Extracted data entries:
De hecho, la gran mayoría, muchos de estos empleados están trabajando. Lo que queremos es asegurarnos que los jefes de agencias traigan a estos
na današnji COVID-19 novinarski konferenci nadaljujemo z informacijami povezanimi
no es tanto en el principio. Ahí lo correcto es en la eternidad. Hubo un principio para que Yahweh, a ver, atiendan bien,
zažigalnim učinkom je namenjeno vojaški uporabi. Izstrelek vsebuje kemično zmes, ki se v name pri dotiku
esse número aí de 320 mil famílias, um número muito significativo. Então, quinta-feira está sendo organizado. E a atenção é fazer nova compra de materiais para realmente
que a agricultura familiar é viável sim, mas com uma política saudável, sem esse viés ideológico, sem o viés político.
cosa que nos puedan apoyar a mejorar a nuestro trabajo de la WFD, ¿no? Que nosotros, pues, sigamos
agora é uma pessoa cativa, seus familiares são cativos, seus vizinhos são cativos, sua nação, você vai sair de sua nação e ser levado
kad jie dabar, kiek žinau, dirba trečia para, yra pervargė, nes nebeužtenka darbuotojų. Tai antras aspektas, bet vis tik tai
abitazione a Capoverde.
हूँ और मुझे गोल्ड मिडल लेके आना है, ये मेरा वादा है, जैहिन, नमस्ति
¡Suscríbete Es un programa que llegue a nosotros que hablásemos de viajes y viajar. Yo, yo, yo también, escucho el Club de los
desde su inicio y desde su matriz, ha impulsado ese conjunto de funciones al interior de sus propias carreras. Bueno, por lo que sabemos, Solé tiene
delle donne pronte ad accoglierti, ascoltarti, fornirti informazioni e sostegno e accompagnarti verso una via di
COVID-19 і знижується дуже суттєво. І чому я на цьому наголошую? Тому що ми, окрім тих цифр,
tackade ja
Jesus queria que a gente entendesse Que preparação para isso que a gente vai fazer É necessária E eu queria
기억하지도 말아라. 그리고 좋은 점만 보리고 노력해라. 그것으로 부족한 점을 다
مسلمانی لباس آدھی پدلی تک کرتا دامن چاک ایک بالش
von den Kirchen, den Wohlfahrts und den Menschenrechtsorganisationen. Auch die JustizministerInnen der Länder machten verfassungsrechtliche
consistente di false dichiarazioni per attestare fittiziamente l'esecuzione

ASSIGNMENT:
Pull every line containing "COVID" from the entries above and copy it.

THE ANSWER:
na današnji COVID-19 novinarski konferenci nadaljujemo z informacijami povezanimi
COVID-19 і знижується дуже суттєво. І чому я на цьому наголошую? Тому що ми, окрім тих цифр,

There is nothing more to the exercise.